15:55 KENNEDY: So there's this interesting proof of concept done by, ooh, I forgot the name, it's a European open source consortium, and the basic theme of this article is sort of exploring a response to the question of, "So I've heard Python is slow. Is it?" And I think it depends. So what they've done is they've created a multi-core, talked about how that could be hard to take advantage of, but here it is. Multi-core Python HTTP server that is much faster than Go. So you've heard a lot of people say, "Well, we're going to go to Go because its parallelism is so much better than Python and it's fast, so we can, y'know, do things fast." And of course, there's that big trade off with sort of the functionality and speed to market or speed to idea completion and so on, but this thing is like hey, and we can even go as fast or faster. So they compare it against actually two Go web servers, and it's faster than both of them. So what it is is these guys have gone and said, we've talked about this idea before, they said, "We want to go look at all the various C based, not Python, C based sort of coroutine libraries that'll let us write low level HTTP servers." And it turned out that there were not that many good options and the best option that they found was still slower than Go. So they're like, "Well, maybe this isn't going to work." But then it turned out they found this thing called LWAN, L-W-A-N, which is a C library, and they used Cython to create a Cython based web server that wraps it up and exposes it to Python.

17:33 OKKEN: Dude, neat!

17:34 KENNEDY: Cool, right? So basically, it's not really ready to ship or anything, it just validates the concept of creating a high performance thing with Cython and I think that's a big part of the article. So it says, "Here's some interesting things about Cython." It's both an optimizing static compiler and a hybrid language that gives you the ability to write Python code that can call back and forth with C and C++ really easy. It has static type declarations that make Python code faster because it can do, like, it doesn't have to treat everything like a reference type, it can, y'know, put integers as integers on the stack, and whatnot. And the other thing is, it releases the GIL by just having like, a keyword in Cython. So you can say this part, actually, don't need the GIL, I'm doing this in C, leave me alone.

18:18 OKKEN: Hm, okay.

18:18 KENNEDY: Isn't it interesting how that actually hit so many of the things that Anthony brought up, right?

18:21 OKKEN: Yeah.

18:22 KENNEDY: The typing, optimizations, and the GIL stuff is all right there. So it generates super efficient C code that is then compiled into a Python module, so it's really great for wrapping up C libraries and exposing them to Python.

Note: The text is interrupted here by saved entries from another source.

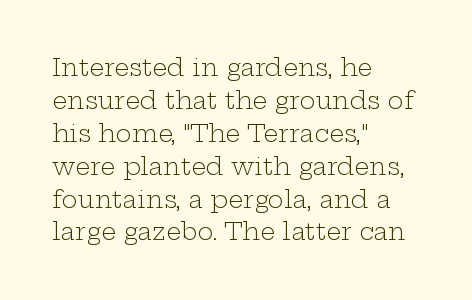
These lines stack with their left ends in a neat column. Letters rest on an invisible, unmarked baseline. The lines sit at an ordinary, default distance from one another. The type sits square on the baseline with zero lean. No letter is thick-stroked: the sample isn't bold. Default kerning and tracking; the words read as compact shapes.
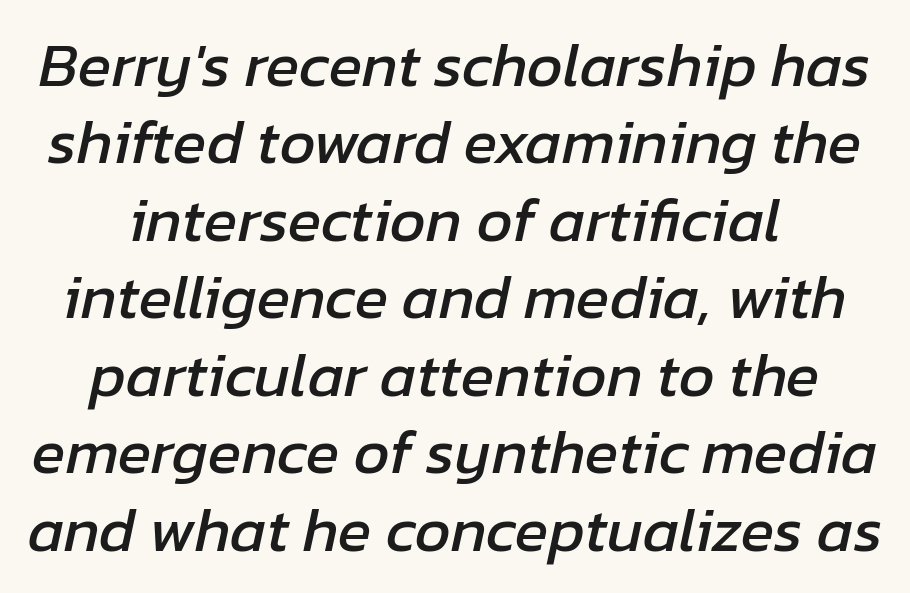
Successive baselines arrive at the customary interval. The whole block is typeset with a tilt. Descenders hang freely into open space. This sample uses plain, unmodified letter spacing. Caption: multi-line text, centered on the measure.
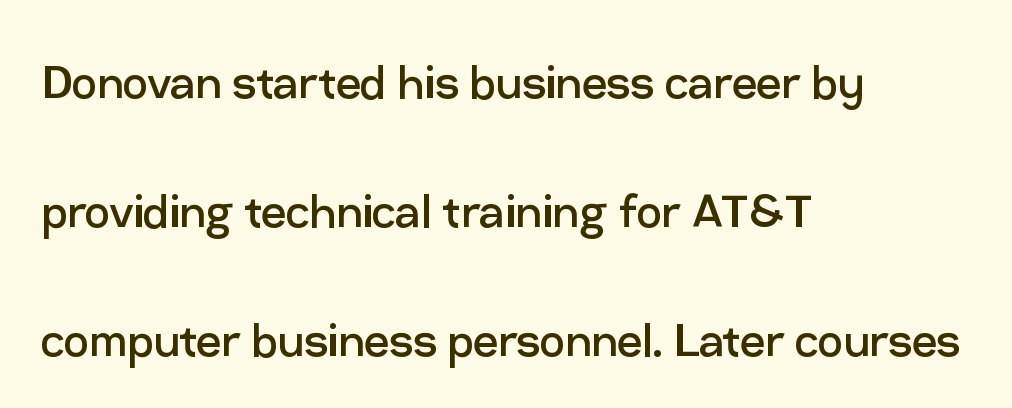
Leading: increased. The compositor pushed each line to the left boundary. The letters look calm and open, with moderate or lighter stems. A typesetter would mark this as roman, not italic. A typesetter would label this face a sans. Glance below the letters and you will spot only blank space.
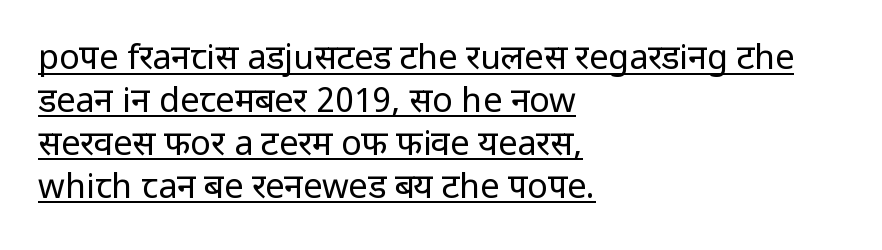
The image shows 34 px regular-weight sans-serif type, upright; set left-aligned, normal line spacing (1.26x), normal letter spacing, underlined; low stroke contrast and a medium x-height.
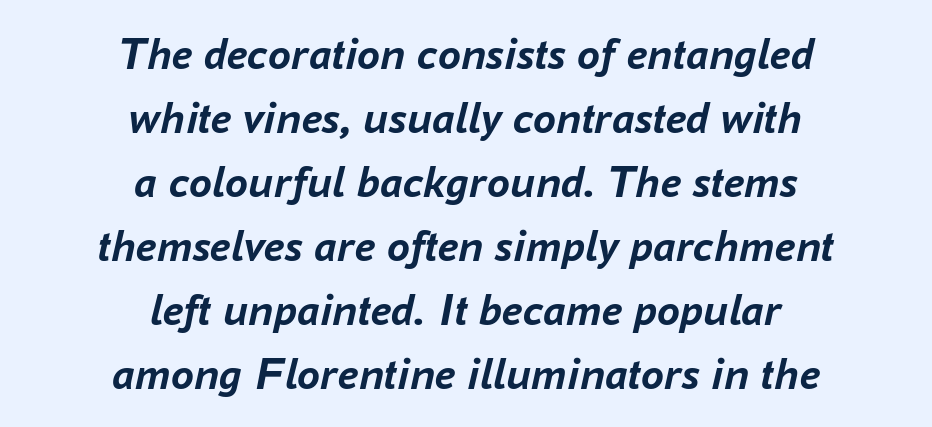
Q: Is the text bold? A: Yes.
Q: Is the text italic (slanted)? A: Yes, it leans right by about 16 degrees.
Q: Is the text underlined? A: No.
Q: How is the paragraph aligned? A: Centered.
Q: Is the spacing between letters normal or unusually wide? A: Normal.
Q: Is the spacing between lines tight, normal or loose? A: Normal.
Q: Width (condensed, normal, or wide)? A: Normal.
Q: Stroke contrast? A: Low.
Q: x-height? A: Medium.
Q: Monospaced? A: No.
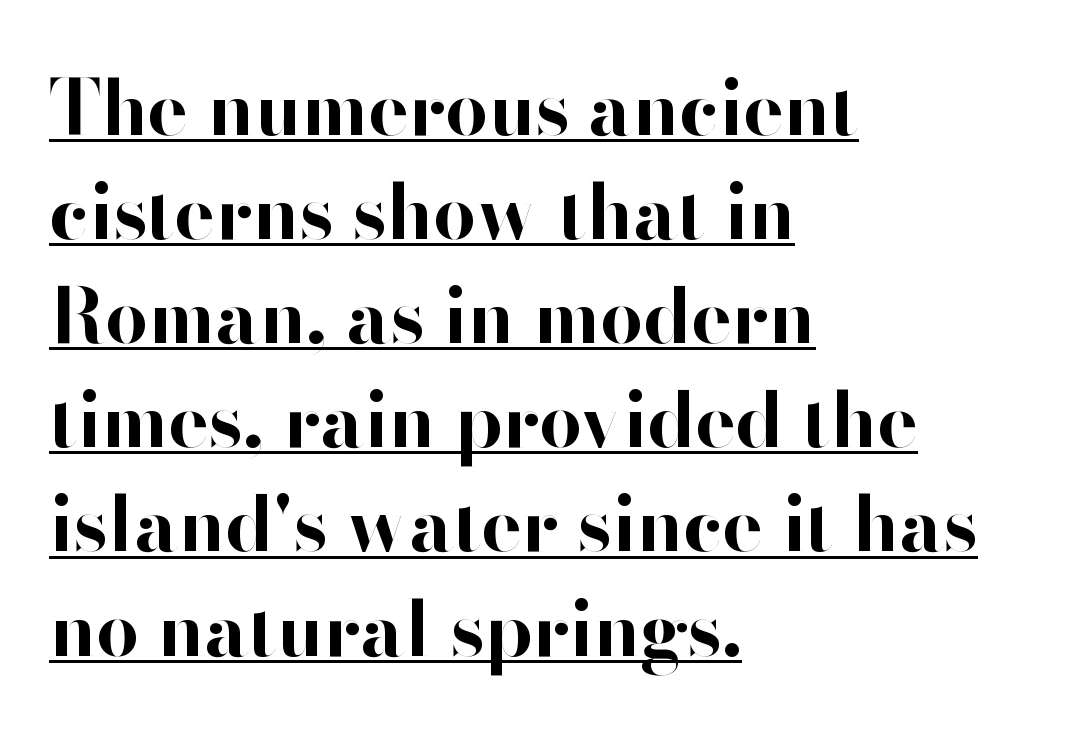
{"serif": "no", "italic": "no", "bold": "yes", "weight": "bold", "width": "normal", "stroke_contrast": "high", "x_height": "small", "monospaced": "no", "underline": "yes", "align": "left", "line_spacing": "normal", "line_spacing_ratio": 1.37, "letter_spacing": "normal", "letter_spacing_em": 0.0, "glyph_px": 76}
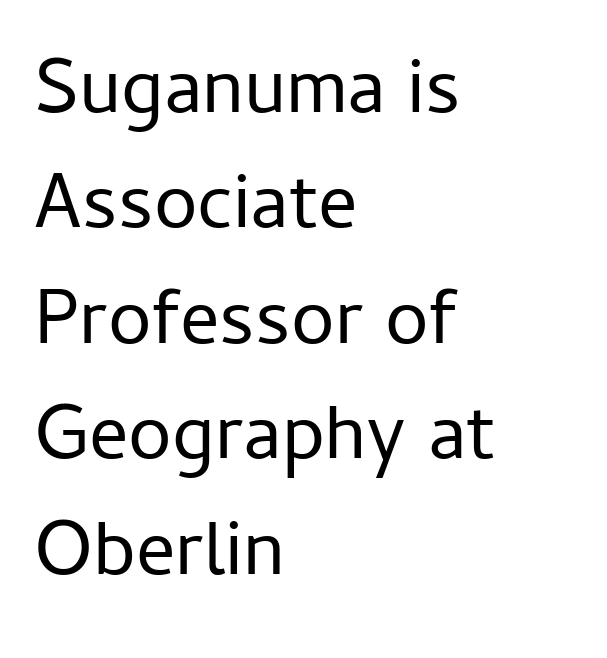
The image shows 78 px regular-weight sans-serif type, upright; set left-aligned, normal line spacing (1.48x), normal letter spacing, not underlined; low stroke contrast and a medium x-height.
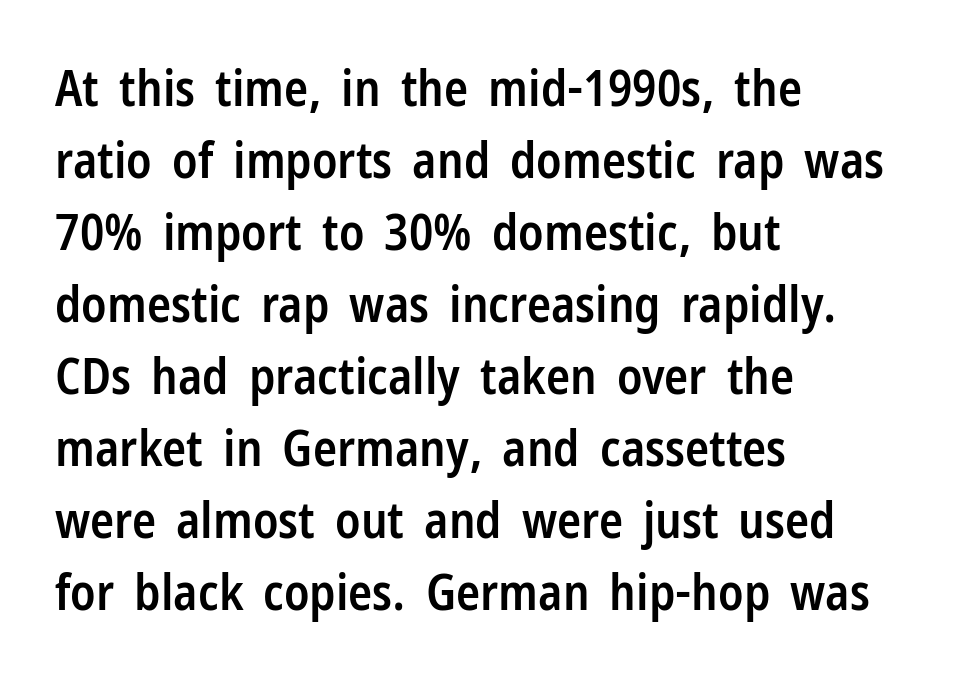
The image shows 50 px semibold, condensed sans-serif type, upright; set left-aligned, normal line spacing (1.44x), normal letter spacing, not underlined; low stroke contrast and a medium x-height.
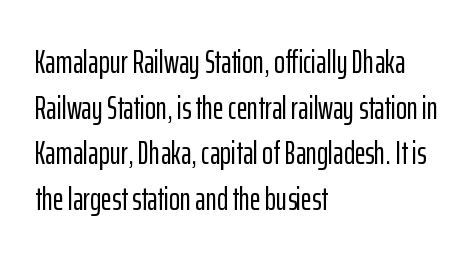
Letterform terminals end flat and unadorned throughout the passage. A classic flush-left, rag-right setting is used for this passage. You could not count columns in this text — the font is proportionally spaced. Check under the words: just untouched page. Notice how the stems are strictly vertical — no italics here.
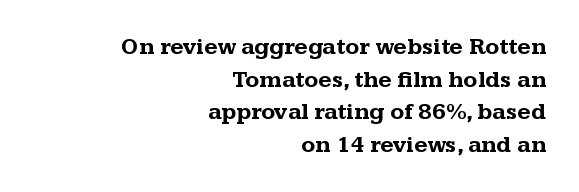
Q: Is the text bold? A: Yes.
Q: Is the text italic (slanted)? A: No, it is upright.
Q: Is the text underlined? A: No.
Q: How is the paragraph aligned? A: Right-aligned.
Q: Is the spacing between letters normal or unusually wide? A: Normal.
Q: Is the spacing between lines tight, normal or loose? A: Normal.
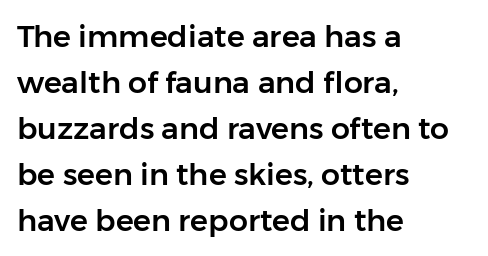
Casual observation: everything's shoved over to the left. Whoever set this chose a conventional vertical rhythm. Unlike italic type, these characters show no tilt at all. Compared with typical body copy, the letter spacing here is the same. The baseline area is clear. Regarding serifs, this sample does without them.
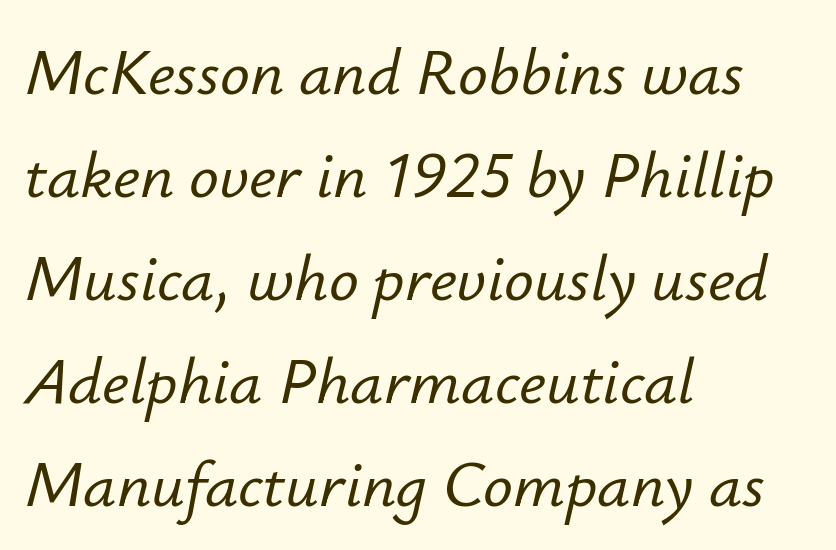
The image shows 66 px text type, italic (leaning right); set left-aligned, normal line spacing (1.56x), normal letter spacing, not underlined; low stroke contrast and a small x-height.
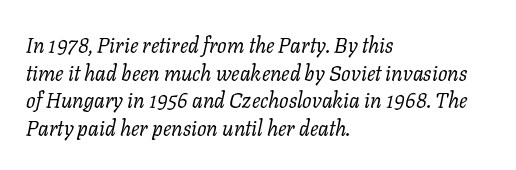
In CSS terms this would be text-align: left. Students, note that the glyphs here touch the page at normal intervals. The lettering tilts uniformly, giving the passage an italic look. Quick note: underline off. No chunkiness to these letters — they're not bold.
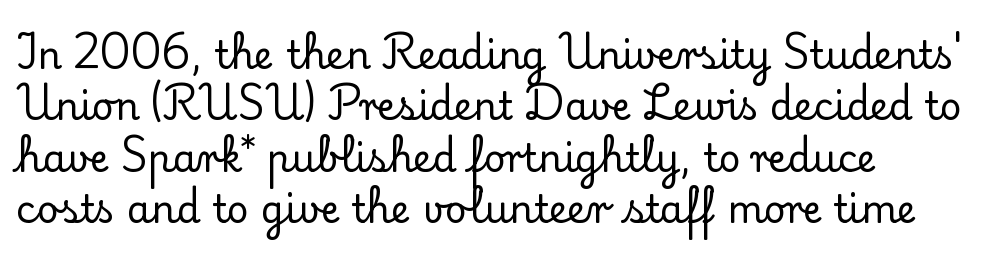
Each letter keeps its own natural width here, so spacing adapts to shape. The line-height multiplier appears to be the usual default. Characters remain perfectly vertical along every line. You could call the tracking neutral — neither tight nor loose. The words here are not underlined. Classification — serif.

18:37 OKKEN: Hope they continue on with work on this.

18:39 KENNEDY: Yeah, it looks pretty awesome. Yeah, anyway, I think if you're interested in sort of checking out performance, definitely have a look, it's pretty cool. So, are you going to cover something on testing this episode?

18:50 OKKEN: Oh, yeah! It's my turn again!

18:52 KENNEDY: It's your turn for a theme!

18:54 OKKEN: Where am I at? I've been tryin' to get on here. Oh! Yes, I am very excited about some news that came out last week. So I've been playing with, I started PyCharm, using PyCharm a while ago. You've been using it off and on, I think you use lots of stuff now.

19:10 KENNEDY: Yeah, yeah. I have for quite a while, yeah.

19:12 OKKEN: PyTest support has been getting better and better in the last year or so, and PyCharm released 2018.2, I think it was last week, and it totally beefs up support for PyTest fixtures. And I just wanted to mention that, because anybody that's using both PyCharm and PyTest definitely needs to update to 2018.2 because a few things that used to not work but do now. If you have a fixture that you're, so, a fixture, for anybody who's not familiar, a fixture is just a little piece of code, a little function, that you declare as a fixture, that you put it as the parameter to your test, and it gets run before your test gets run at various levels. That's a simplification, but that works. It shows up as a parameter, but you don't actually have to use it in your function. It just tells PyTest to run that code. Well, PyCharm used to flag that as a variable that isn't referenced, so it would give you a warning. And you also couldn't do code completion with it, if it was an object that had methods on it, and you also couldn't use it to look up where is that fixture defined, because it's often defined at a different file, an encompass file or something. But now you can! All those things now work! So, big thank you to the PyCharm team for getting that out so quickly. And, yeah. Just that. I just wanted to let people know about that.

20:39 KENNEDY: Yeah, that's really awesome. PyCharm just keeps gettin' better and better. Alright, so speaking of getting better, let's go back to Python performance.

20:48 OKKEN: You got like, this bone that you won't let go of, man! No, it's good.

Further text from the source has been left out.